Alongside these links are text files containing a list of targetids for that plate.

Also has the option to split data into several groups, in order to fit jobs into the debug queue (wrap-redrock takes a redux directory as an input rather than a list of spPlate files, so separate wrap-redrock runs need separate replicated redux directories).

In [155]:
# List of spplate files that we want to replicate. 
# NOTE: the same plate should not be listed more than once.
spplate_paths = glob.glob('/global/projecta/projectdirs/sdss/data/sdss/dr12/boss/spectro/redux/v5_7_?/*/spPlate*.fits')
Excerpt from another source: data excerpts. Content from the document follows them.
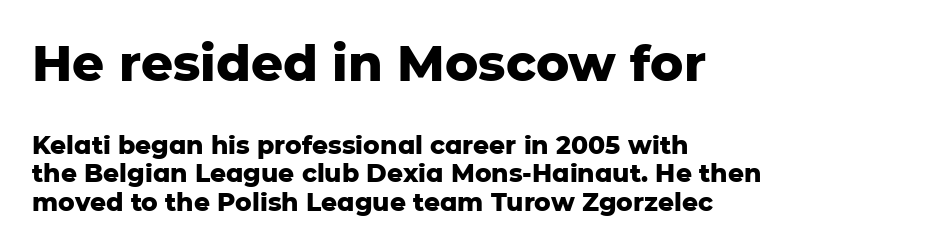
{"serif": "no", "italic": "no", "bold": "yes", "weight": "heavy", "width": "normal", "stroke_contrast": "low", "x_height": "medium", "monospaced": "no", "underline": "no", "align": "left", "line_spacing": "tight", "line_spacing_ratio": 1.14, "letter_spacing": "normal", "letter_spacing_em": 0.0, "larger_block": "first", "size_ratio": 2.0, "glyph_px": 50}
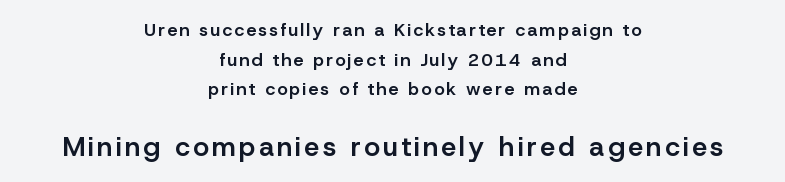
Q: Is the text bold? A: Semi-bold.
Q: Is the text italic (slanted)? A: No, it is upright.
Q: Is the text underlined? A: No.
Q: How is the paragraph aligned? A: Centered.
Q: Is the spacing between lines tight, normal or loose? A: Normal.
Q: Which block of text is set in a larger size, the first (top) or the second (bottom)? A: The second (bottom) one.
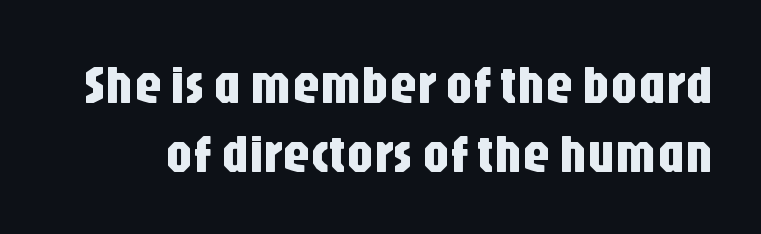
Q: Is the text italic (slanted)? A: No, it is upright.
Q: Is the typeface a serif or a sans-serif typeface? A: Sans-serif.
Q: Is the text underlined? A: No.
Q: Is the spacing between letters normal or unusually wide? A: Normal.
Q: Is the spacing between lines tight, normal or loose? A: Normal.
Q: Width (condensed, normal, or wide)? A: Condensed.
Q: Stroke contrast? A: Low.
Q: x-height? A: Large.
Q: Monospaced? A: No.

# Set where the new redux replica will be stored.
new_redux_dir_base = '/global/cfs/projectdirs/desi/users/jfarr/check_BOSS_DR12_redux_replica_split/'
nsplits = 10


# Get a list of old redux dirs
#old_redux_dirs = list(set([path.]))

# Make split dirs
split_dirs = [new_redux_dir_base+'/split_{}'.format(i) for i in range(nsplits)]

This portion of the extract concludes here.